## BRIEF:
Copy without pictures. Please restate each line of the listing exactly.

^^^^^^^^^^^^^^^^

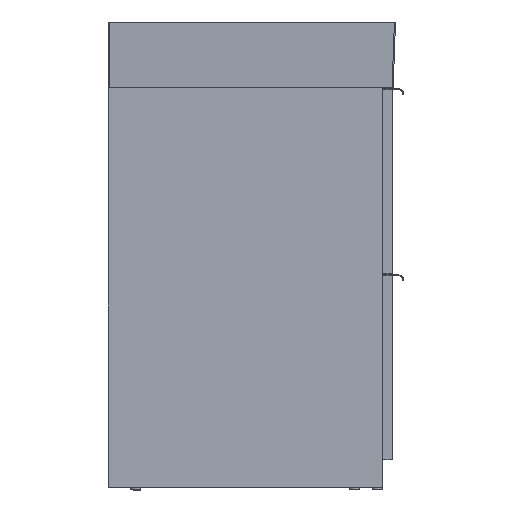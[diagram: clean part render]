
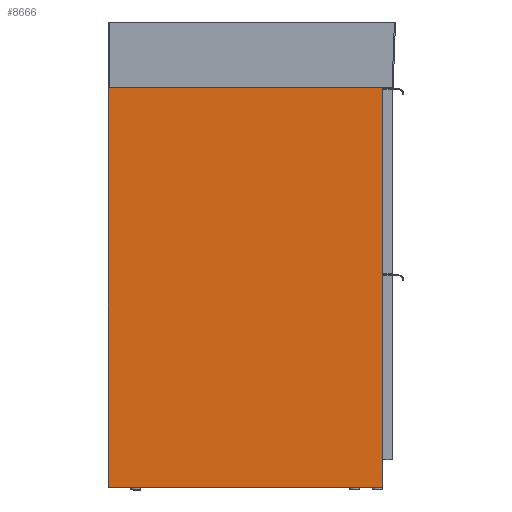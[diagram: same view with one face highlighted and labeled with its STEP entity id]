
A CAD part, left-side view. The second image highlights one B-rep face of the part: STEP entity #8666.
In plain terms, the highlighted planar face has unit normal (-1, 0, 0).
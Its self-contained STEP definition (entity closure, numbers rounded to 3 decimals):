
#758=PLANE('',#9386);
#1020=FACE_OUTER_BOUND('',#1608,.T.);
#1608=EDGE_LOOP('',(#6220,#6221,#6222,#6223));
#2287=LINE('',#12911,#2940);
#2291=LINE('',#12919,#2944);
#2294=LINE('',#12925,#2947);
#2297=LINE('',#12930,#2950);
#2940=VECTOR('',#10523,1.);
#2944=VECTOR('',#10529,1.);
#2947=VECTOR('',#10534,1.);
#2950=VECTOR('',#10539,1.);
#3869=VERTEX_POINT('',#12909);
#3870=VERTEX_POINT('',#12910);
#3873=VERTEX_POINT('',#12918);
#3875=VERTEX_POINT('',#12924);
#4719=EDGE_CURVE('',#3869,#3870,#2287,.T.);
#4723=EDGE_CURVE('',#3870,#3873,#2291,.T.);
#4726=EDGE_CURVE('',#3873,#3875,#2294,.T.);
#4729=EDGE_CURVE('',#3875,#3869,#2297,.T.);
#6220=ORIENTED_EDGE('',*,*,#4729,.T.);
#6221=ORIENTED_EDGE('',*,*,#4719,.T.);
#6222=ORIENTED_EDGE('',*,*,#4723,.T.);
#6223=ORIENTED_EDGE('',*,*,#4726,.T.);
#8666=ADVANCED_FACE('',(#1020),#758,.T.);
#9386=AXIS2_PLACEMENT_3D('',#12932,#10541,#10542);
#10523=DIRECTION('',(0.,0.,-1.));
#10529=DIRECTION('',(0.,-1.,0.));
#10534=DIRECTION('',(0.,0.,1.));
#10539=DIRECTION('',(0.,1.,0.));
#10541=DIRECTION('center_axis',(-1.,0.,0.));
#10542=DIRECTION('ref_axis',(0.,0.,1.));
#12909=CARTESIAN_POINT('',(-905.766,-24.827,730.));
#12910=CARTESIAN_POINT('',(-905.766,-24.827,0.));
#12911=CARTESIAN_POINT('',(-905.766,-24.827,730.));
#12918=CARTESIAN_POINT('',(-905.766,-524.827,0.));
#12919=CARTESIAN_POINT('',(-905.766,-24.827,0.));
#12924=CARTESIAN_POINT('',(-905.766,-524.827,730.));
#12925=CARTESIAN_POINT('',(-905.766,-524.827,0.));
#12930=CARTESIAN_POINT('',(-905.766,-524.827,730.));
#12932=CARTESIAN_POINT('Origin',(-905.766,-274.827,365.));
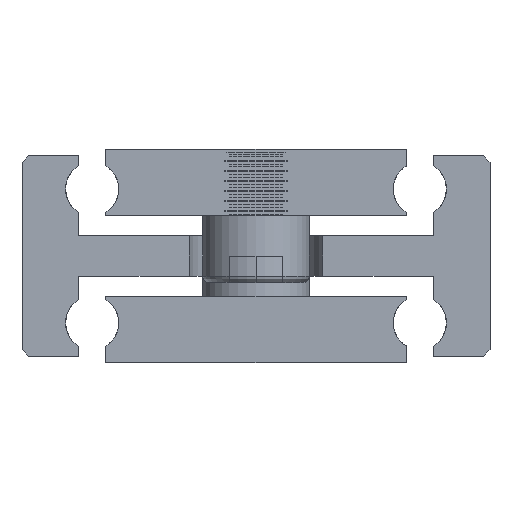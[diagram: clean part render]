
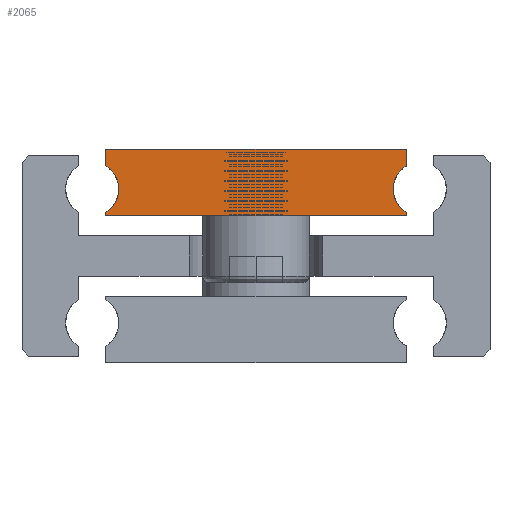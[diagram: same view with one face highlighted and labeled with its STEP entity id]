
A CAD part, front view. The second image highlights one B-rep face of the part: STEP entity #2065.
In plain terms, the highlighted planar face has unit normal (0, -1, 0).
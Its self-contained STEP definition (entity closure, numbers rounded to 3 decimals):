
#110=PLANE('',#2314);
#244=FACE_OUTER_BOUND('',#395,.T.);
#395=EDGE_LOOP('',(#1764,#1765,#1766,#1767,#1768,#1769,#1770,#1771));
#552=LINE('',#3650,#721);
#553=LINE('',#3653,#722);
#562=LINE('',#3669,#731);
#563=LINE('',#3672,#732);
#565=LINE('',#3675,#734);
#566=LINE('',#3677,#735);
#721=VECTOR('',#2784,2.536);
#722=VECTOR('',#2787,0.536);
#731=VECTOR('',#2802,0.536);
#732=VECTOR('',#2805,2.536);
#734=VECTOR('',#2809,45.);
#735=VECTOR('',#2812,45.);
#798=CIRCLE('',#2249,4.);
#799=CIRCLE('',#2251,4.);
#967=VERTEX_POINT('',#3433);
#968=VERTEX_POINT('',#3435);
#971=VERTEX_POINT('',#3485);
#972=VERTEX_POINT('',#3486);
#1013=VERTEX_POINT('',#3648);
#1014=VERTEX_POINT('',#3652);
#1018=VERTEX_POINT('',#3667);
#1019=VERTEX_POINT('',#3671);
#1198=EDGE_CURVE('',#968,#967,#798,.T.);
#1202=EDGE_CURVE('',#971,#972,#799,.T.);
#1263=EDGE_CURVE('',#1013,#972,#552,.T.);
#1264=EDGE_CURVE('',#971,#1014,#553,.T.);
#1273=EDGE_CURVE('',#1018,#967,#562,.T.);
#1274=EDGE_CURVE('',#968,#1019,#563,.T.);
#1276=EDGE_CURVE('',#1014,#1018,#565,.T.);
#1277=EDGE_CURVE('',#1019,#1013,#566,.T.);
#1764=ORIENTED_EDGE('',*,*,#1202,.T.);
#1765=ORIENTED_EDGE('',*,*,#1263,.F.);
#1766=ORIENTED_EDGE('',*,*,#1277,.F.);
#1767=ORIENTED_EDGE('',*,*,#1274,.F.);
#1768=ORIENTED_EDGE('',*,*,#1198,.T.);
#1769=ORIENTED_EDGE('',*,*,#1273,.F.);
#1770=ORIENTED_EDGE('',*,*,#1276,.F.);
#1771=ORIENTED_EDGE('',*,*,#1264,.F.);
#2065=ADVANCED_FACE('',(#244),#110,.F.);
#2249=AXIS2_PLACEMENT_3D('',#3436,#2645,#2646);
#2251=AXIS2_PLACEMENT_3D('',#3487,#2650,#2651);
#2314=AXIS2_PLACEMENT_3D('',#3678,#2813,#2814);
#2645=DIRECTION('center_axis',(0.,1.,0.));
#2646=DIRECTION('ref_axis',(1.,0.,0.));
#2650=DIRECTION('center_axis',(0.,1.,0.));
#2651=DIRECTION('ref_axis',(1.,0.,0.));
#2784=DIRECTION('',(0.,0.,-1.));
#2787=DIRECTION('',(0.,0.,-1.));
#2802=DIRECTION('',(0.,0.,1.));
#2805=DIRECTION('',(0.,0.,1.));
#2809=DIRECTION('',(-1.,0.,0.));
#2812=DIRECTION('',(1.,0.,0.));
#2813=DIRECTION('center_axis',(0.,1.,0.));
#2814=DIRECTION('ref_axis',(0.,0.,1.));
#3433=CARTESIAN_POINT('',(-22.5,-550.,-2.964));
#3435=CARTESIAN_POINT('',(-22.5,-550.,3.964));
#3436=CARTESIAN_POINT('Origin',(-24.5,-550.,0.5));
#3485=CARTESIAN_POINT('',(22.5,-550.,-2.964));
#3486=CARTESIAN_POINT('',(22.5,-550.,3.964));
#3487=CARTESIAN_POINT('Origin',(24.5,-550.,0.5));
#3648=CARTESIAN_POINT('',(22.5,-550.,6.5));
#3650=CARTESIAN_POINT('',(22.5,-550.,6.5));
#3652=CARTESIAN_POINT('',(22.5,-550.,-3.5));
#3653=CARTESIAN_POINT('',(22.5,-550.,-2.964));
#3667=CARTESIAN_POINT('',(-22.5,-550.,-3.5));
#3669=CARTESIAN_POINT('',(-22.5,-550.,-3.5));
#3671=CARTESIAN_POINT('',(-22.5,-550.,6.5));
#3672=CARTESIAN_POINT('',(-22.5,-550.,3.964));
#3675=CARTESIAN_POINT('',(22.5,-550.,-3.5));
#3677=CARTESIAN_POINT('',(-22.5,-550.,6.5));
#3678=CARTESIAN_POINT('Origin',(0.,-550.,1.5));

^^^^^^^^^^^^^^^^

## ANSWER SPACE:
[diagram: clean part render]
[diagram: same view with one face highlighted and labeled with its STEP entity id]
A CAD part, left-side view. The second image highlights one B-rep face of the part: STEP entity #8666.
In plain terms, the highlighted planar face has unit normal (-1, 0, 0).
Its self-contained STEP definition (entity closure, numbers rounded to 3 decimals):
#758=PLANE('',#9386);
#1020=FACE_OUTER_BOUND('',#1608,.T.);
#1608=EDGE_LOOP('',(#6220,#6221,#6222,#6223));
#2287=LINE('',#12911,#2940);
#2291=LINE('',#12919,#2944);
#2294=LINE('',#12925,#2947);
#2297=LINE('',#12930,#2950);
#2940=VECTOR('',#10523,1.);
#2944=VECTOR('',#10529,1.);
#2947=VECTOR('',#10534,1.);
#2950=VECTOR('',#10539,1.);
#3869=VERTEX_POINT('',#12909);
#3870=VERTEX_POINT('',#12910);
#3873=VERTEX_POINT('',#12918);
#3875=VERTEX_POINT('',#12924);
#4719=EDGE_CURVE('',#3869,#3870,#2287,.T.);
#4723=EDGE_CURVE('',#3870,#3873,#2291,.T.);
#4726=EDGE_CURVE('',#3873,#3875,#2294,.T.);
#4729=EDGE_CURVE('',#3875,#3869,#2297,.T.);
#6220=ORIENTED_EDGE('',*,*,#4729,.T.);
#6221=ORIENTED_EDGE('',*,*,#4719,.T.);
#6222=ORIENTED_EDGE('',*,*,#4723,.T.);
#6223=ORIENTED_EDGE('',*,*,#4726,.T.);
#8666=ADVANCED_FACE('',(#1020),#758,.T.);
#9386=AXIS2_PLACEMENT_3D('',#12932,#10541,#10542);
#10523=DIRECTION('',(0.,0.,-1.));
#10529=DIRECTION('',(0.,-1.,0.));
#10534=DIRECTION('',(0.,0.,1.));
#10539=DIRECTION('',(0.,1.,0.));
#10541=DIRECTION('center_axis',(-1.,0.,0.));
#10542=DIRECTION('ref_axis',(0.,0.,1.));
#12909=CARTESIAN_POINT('',(-905.766,-24.827,730.));
#12910=CARTESIAN_POINT('',(-905.766,-24.827,0.));
#12911=CARTESIAN_POINT('',(-905.766,-24.827,730.));
#12918=CARTESIAN_POINT('',(-905.766,-524.827,0.));
#12919=CARTESIAN_POINT('',(-905.766,-24.827,0.));
#12924=CARTESIAN_POINT('',(-905.766,-524.827,730.));
#12925=CARTESIAN_POINT('',(-905.766,-524.827,0.));
#12930=CARTESIAN_POINT('',(-905.766,-524.827,730.));
#12932=CARTESIAN_POINT('Origin',(-905.766,-274.827,365.));
[diagram: clean part render]
[diagram: same view with one face highlighted and labeled with its STEP entity id]
A CAD part, front view. The second image highlights one B-rep face of the part: STEP entity #2065.
In plain terms, the highlighted planar face has unit normal (0, -1, 0).
Its self-contained STEP definition (entity closure, numbers rounded to 3 decimals):
#110=PLANE('',#2314);
#244=FACE_OUTER_BOUND('',#395,.T.);
#395=EDGE_LOOP('',(#1764,#1765,#1766,#1767,#1768,#1769,#1770,#1771));
#552=LINE('',#3650,#721);
#553=LINE('',#3653,#722);
#562=LINE('',#3669,#731);
#563=LINE('',#3672,#732);
#565=LINE('',#3675,#734);
#566=LINE('',#3677,#735);
#721=VECTOR('',#2784,2.536);
#722=VECTOR('',#2787,0.536);
#731=VECTOR('',#2802,0.536);
#732=VECTOR('',#2805,2.536);
#734=VECTOR('',#2809,45.);
#735=VECTOR('',#2812,45.);
#798=CIRCLE('',#2249,4.);
#799=CIRCLE('',#2251,4.);
#967=VERTEX_POINT('',#3433);
#968=VERTEX_POINT('',#3435);
#971=VERTEX_POINT('',#3485);
#972=VERTEX_POINT('',#3486);
#1013=VERTEX_POINT('',#3648);
#1014=VERTEX_POINT('',#3652);
#1018=VERTEX_POINT('',#3667);
#1019=VERTEX_POINT('',#3671);
#1198=EDGE_CURVE('',#968,#967,#798,.T.);
#1202=EDGE_CURVE('',#971,#972,#799,.T.);
#1263=EDGE_CURVE('',#1013,#972,#552,.T.);
#1264=EDGE_CURVE('',#971,#1014,#553,.T.);
#1273=EDGE_CURVE('',#1018,#967,#562,.T.);
#1274=EDGE_CURVE('',#968,#1019,#563,.T.);
#1276=EDGE_CURVE('',#1014,#1018,#565,.T.);
#1277=EDGE_CURVE('',#1019,#1013,#566,.T.);
#1764=ORIENTED_EDGE('',*,*,#1202,.T.);
#1765=ORIENTED_EDGE('',*,*,#1263,.F.);
#1766=ORIENTED_EDGE('',*,*,#1277,.F.);
#1767=ORIENTED_EDGE('',*,*,#1274,.F.);
#1768=ORIENTED_EDGE('',*,*,#1198,.T.);
#1769=ORIENTED_EDGE('',*,*,#1273,.F.);
#1770=ORIENTED_EDGE('',*,*,#1276,.F.);
#1771=ORIENTED_EDGE('',*,*,#1264,.F.);
#2065=ADVANCED_FACE('',(#244),#110,.F.);
#2249=AXIS2_PLACEMENT_3D('',#3436,#2645,#2646);
#2251=AXIS2_PLACEMENT_3D('',#3487,#2650,#2651);
#2314=AXIS2_PLACEMENT_3D('',#3678,#2813,#2814);
#2645=DIRECTION('center_axis',(0.,1.,0.));
#2646=DIRECTION('ref_axis',(1.,0.,0.));
#2650=DIRECTION('center_axis',(0.,1.,0.));
#2651=DIRECTION('ref_axis',(1.,0.,0.));
#2784=DIRECTION('',(0.,0.,-1.));
#2787=DIRECTION('',(0.,0.,-1.));
#2802=DIRECTION('',(0.,0.,1.));
#2805=DIRECTION('',(0.,0.,1.));
#2809=DIRECTION('',(-1.,0.,0.));
#2812=DIRECTION('',(1.,0.,0.));
#2813=DIRECTION('center_axis',(0.,1.,0.));
#2814=DIRECTION('ref_axis',(0.,0.,1.));
#3433=CARTESIAN_POINT('',(-22.5,-550.,-2.964));
#3435=CARTESIAN_POINT('',(-22.5,-550.,3.964));
#3436=CARTESIAN_POINT('Origin',(-24.5,-550.,0.5));
#3485=CARTESIAN_POINT('',(22.5,-550.,-2.964));
#3486=CARTESIAN_POINT('',(22.5,-550.,3.964));
#3487=CARTESIAN_POINT('Origin',(24.5,-550.,0.5));
#3648=CARTESIAN_POINT('',(22.5,-550.,6.5));
#3650=CARTESIAN_POINT('',(22.5,-550.,6.5));
#3652=CARTESIAN_POINT('',(22.5,-550.,-3.5));
#3653=CARTESIAN_POINT('',(22.5,-550.,-2.964));
#3667=CARTESIAN_POINT('',(-22.5,-550.,-3.5));
#3669=CARTESIAN_POINT('',(-22.5,-550.,-3.5));
#3671=CARTESIAN_POINT('',(-22.5,-550.,6.5));
#3672=CARTESIAN_POINT('',(-22.5,-550.,3.964));
#3675=CARTESIAN_POINT('',(22.5,-550.,-3.5));
#3677=CARTESIAN_POINT('',(-22.5,-550.,6.5));
#3678=CARTESIAN_POINT('Origin',(0.,-550.,1.5));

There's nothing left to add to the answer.